| Task item |
Will you output all of the data below exactly, omitting the images?

| Data for the task |
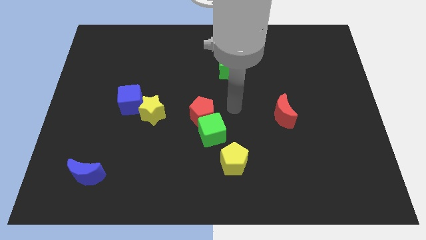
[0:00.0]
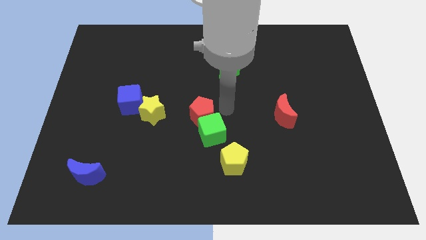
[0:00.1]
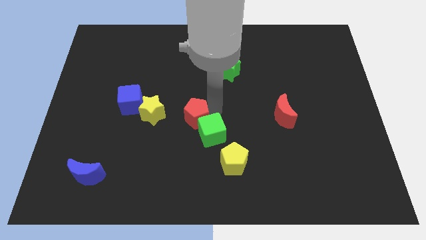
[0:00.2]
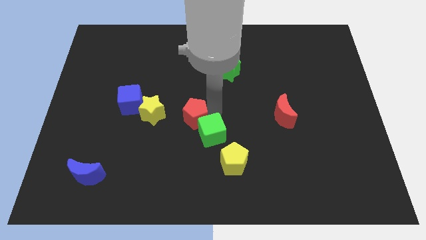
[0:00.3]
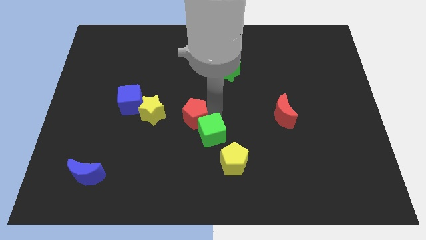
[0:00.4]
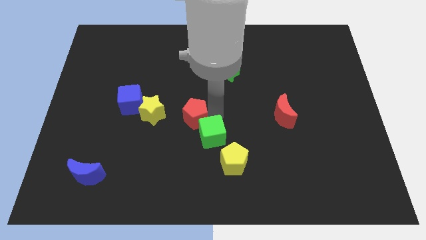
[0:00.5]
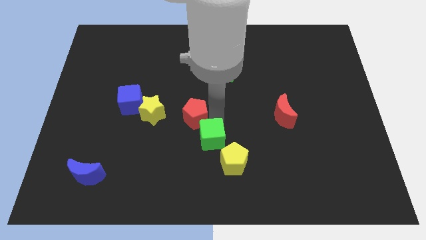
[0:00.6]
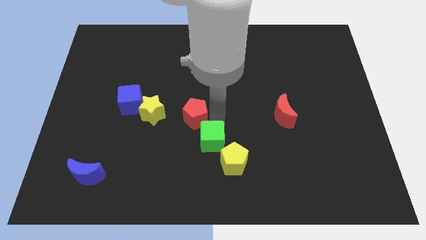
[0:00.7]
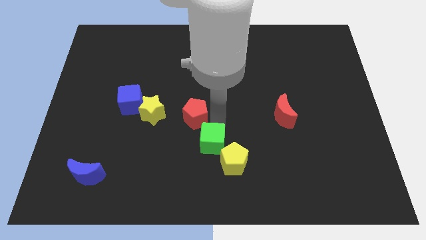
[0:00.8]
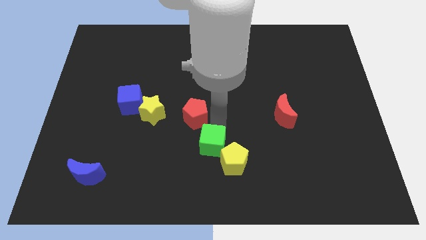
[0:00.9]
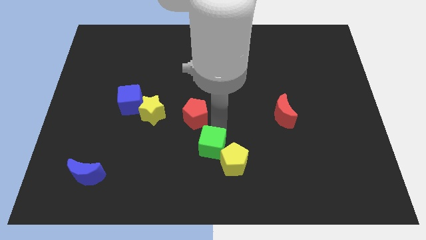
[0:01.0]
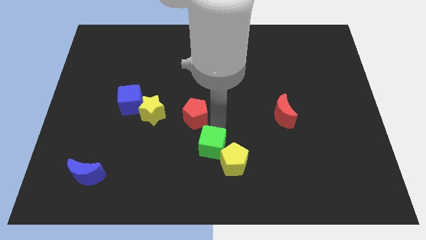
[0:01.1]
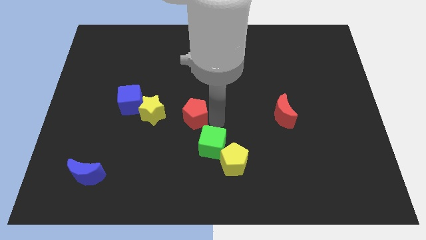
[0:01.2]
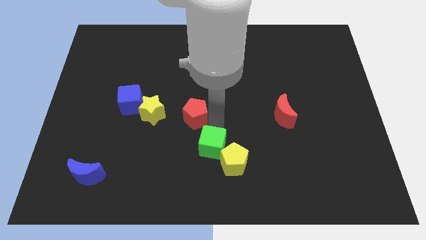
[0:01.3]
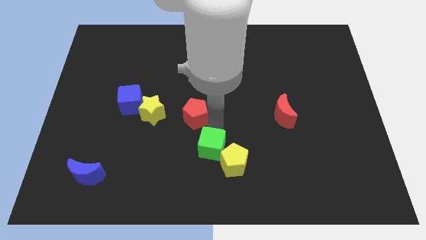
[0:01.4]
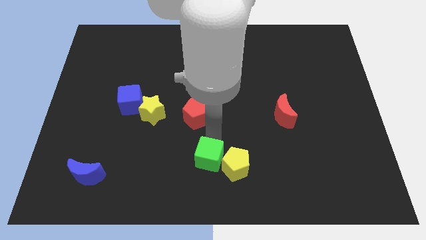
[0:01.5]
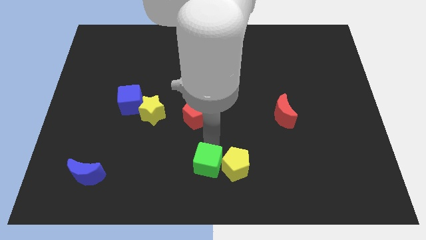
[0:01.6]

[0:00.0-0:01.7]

| Solution to this task |
[0:00.0]
[0:00.1]
[0:00.2]
[0:00.3]
[0:00.4]
[0:00.5]
[0:00.6]
[0:00.7]
[0:00.8]
[0:00.9]
[0:01.0]
[0:01.1]
[0:01.2]
[0:01.3]
[0:01.4]
[0:01.5]
[0:01.6]

[0:00.0-0:01.7]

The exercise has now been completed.